As the above image shows, the core business, Chinese e-commerce grew revenue by 42%. The number of buyers that visit Alibaba's sites is rather mind numbing. Over the last 12 months they grew their Annual Active Buys base 9% to 443 million people. A large chunk of buyers are accessing the sites via mobile, with Alibaba Group recording that 80% of their Chinese sales come from mobile devices.
As fast as their core retail division is growing, their non-core assets are growing faster. The cloud division grew by 115% YoY but is still only 3% of the entire groups revenue. What is impressive is the number of users of their cloud operation with user numbers growing by 114 000 users in 3 months to 765 000 users. Despite all the growth the division is still loss making.

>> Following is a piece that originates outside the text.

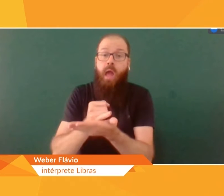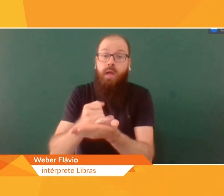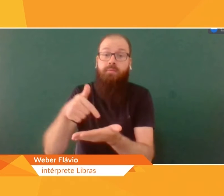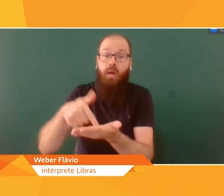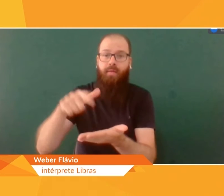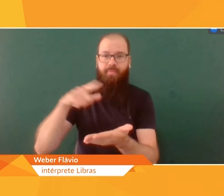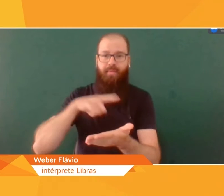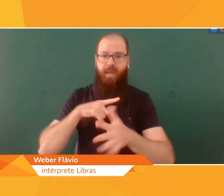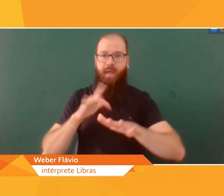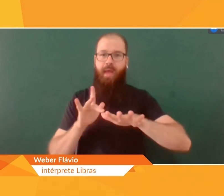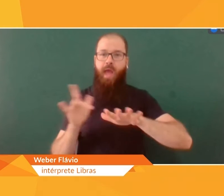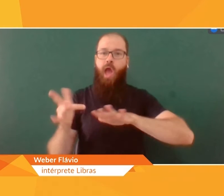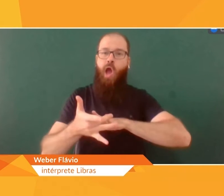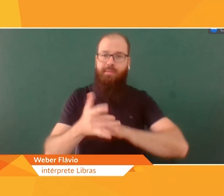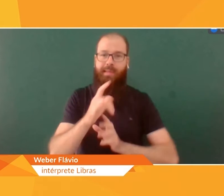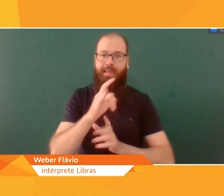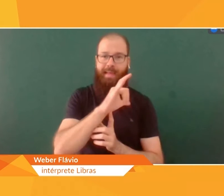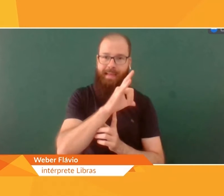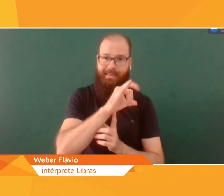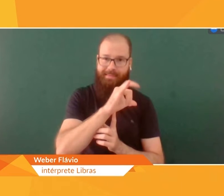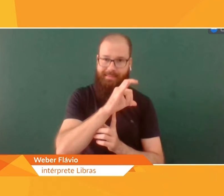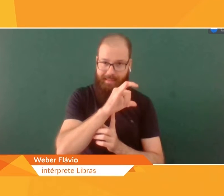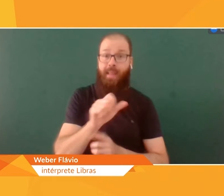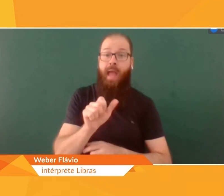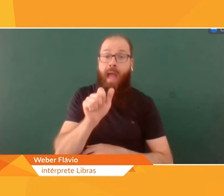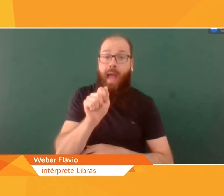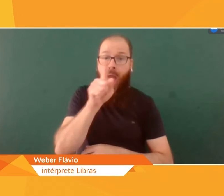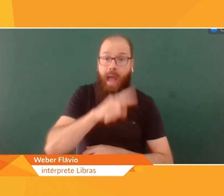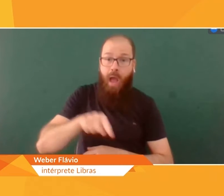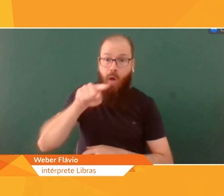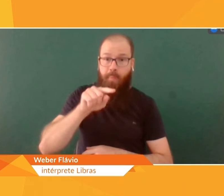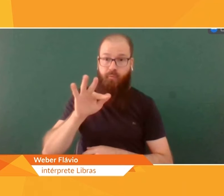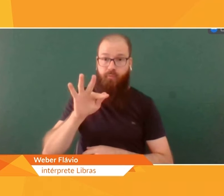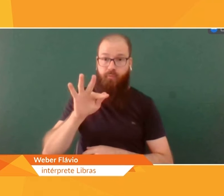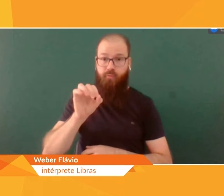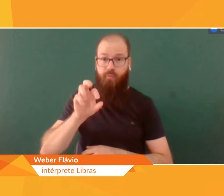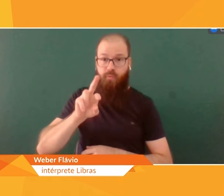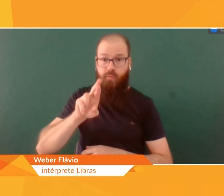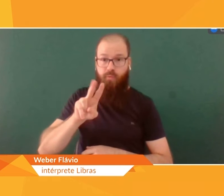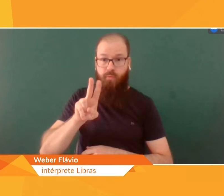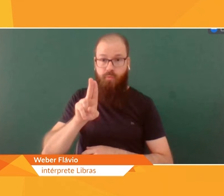Bilingue. No Instagram é arroba fórum bilíngue go.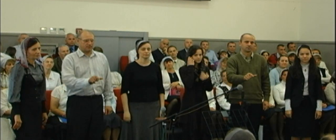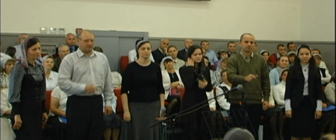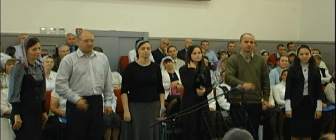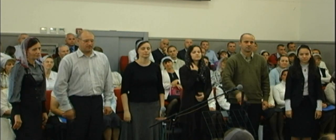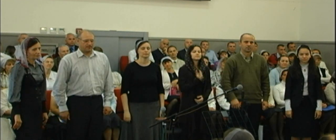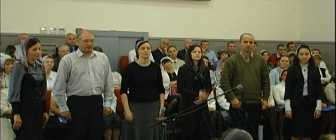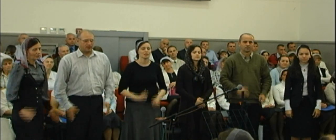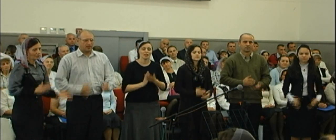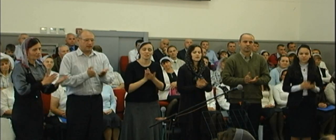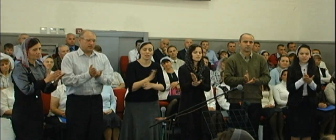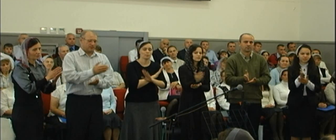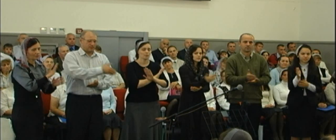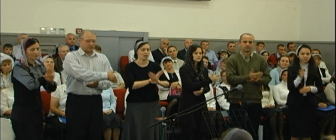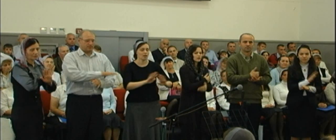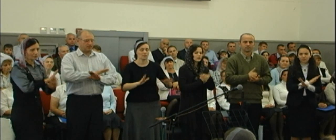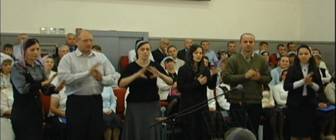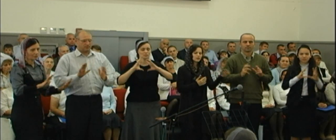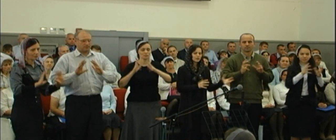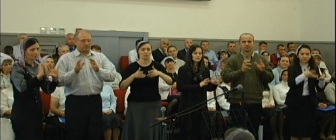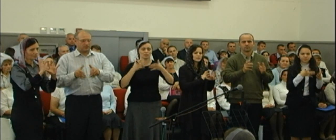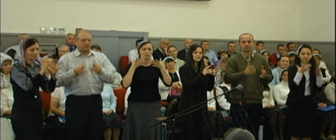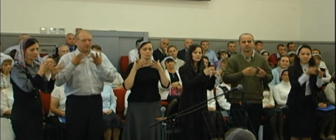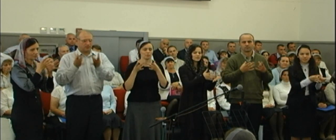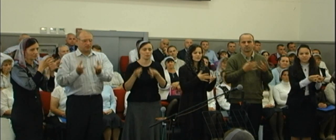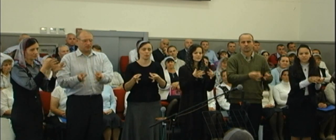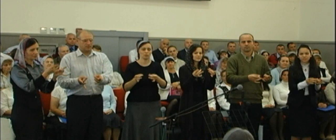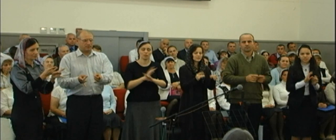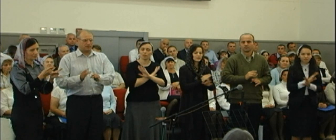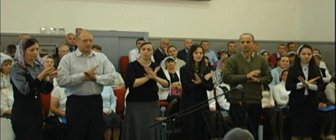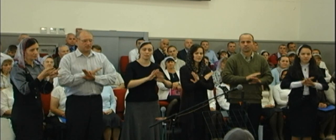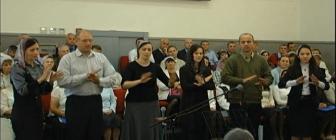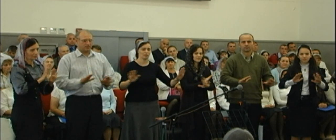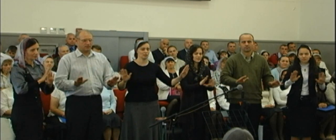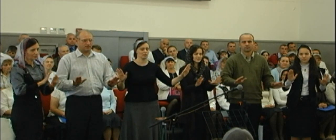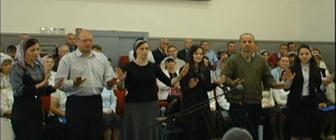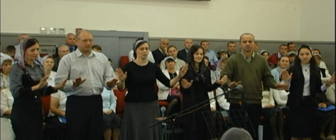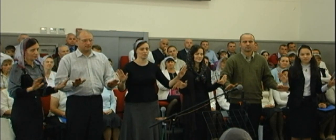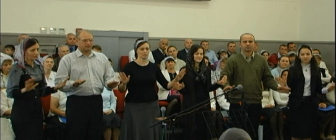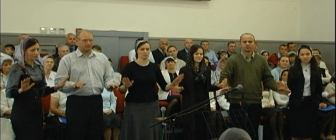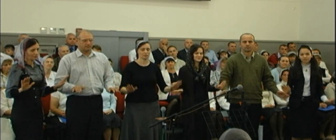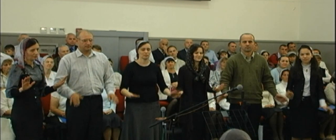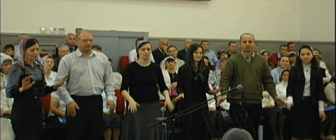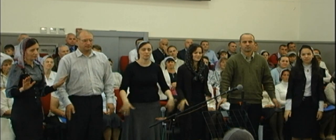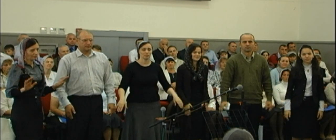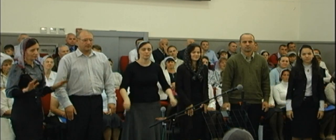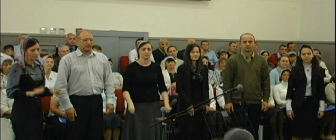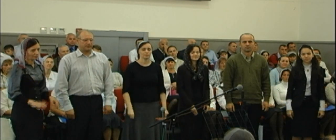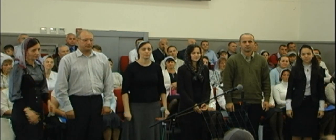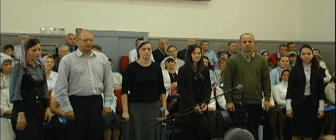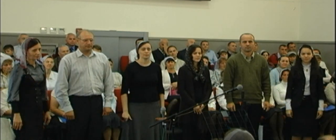Не сворачивай сторону в липкую грязь

Their biggest non-core operation is Digital Media & Entertainment Segment, which grew revenue by 273%. The growth in revenue didn't translate into higher profits, the division made bigger losses for the quarter. Like other companies operating in the segment, spending on content is important. Increasing the spend now means losses upfront but the building of a base for the future.
All the top line growth means nothing if it doesn't drop down to the bottom line. Non-GAAP EPS grew by 38%, so still good growth but not in the league of 54% seen in revenue growth. Where were the increased costs? Alibaba group spent more on improving their logistics network, increased spend on content for their Digital Media & Entertainment segment and then good old share based compensation where there are now more shares in issue.
There is no doubt that e-commerce is here to stay and growth rates will continue to be double digits as internet penetration increases and as more people feel comfortable inputting their credit card details. Sales for their international retail division grew 288% but still only accounts for 4% of revenue.. As Chinese sales begin to slow the international division should carry the slack.
The concern with the company though is their complex holding structure, understanding it can be called murky at best. This structure has also resulted in a probe by the SEC which is still ongoing, SEC probes Alibaba accounting methods, shares dive.
Amazon is still our preferred company in this space, they have a better distribution network, better cloud division and better online entertainment division. The big thing that Amazon doesn't have is the big exposure to the Chinese market and for that a non-core Alibaba position in your portfolio might be worth it.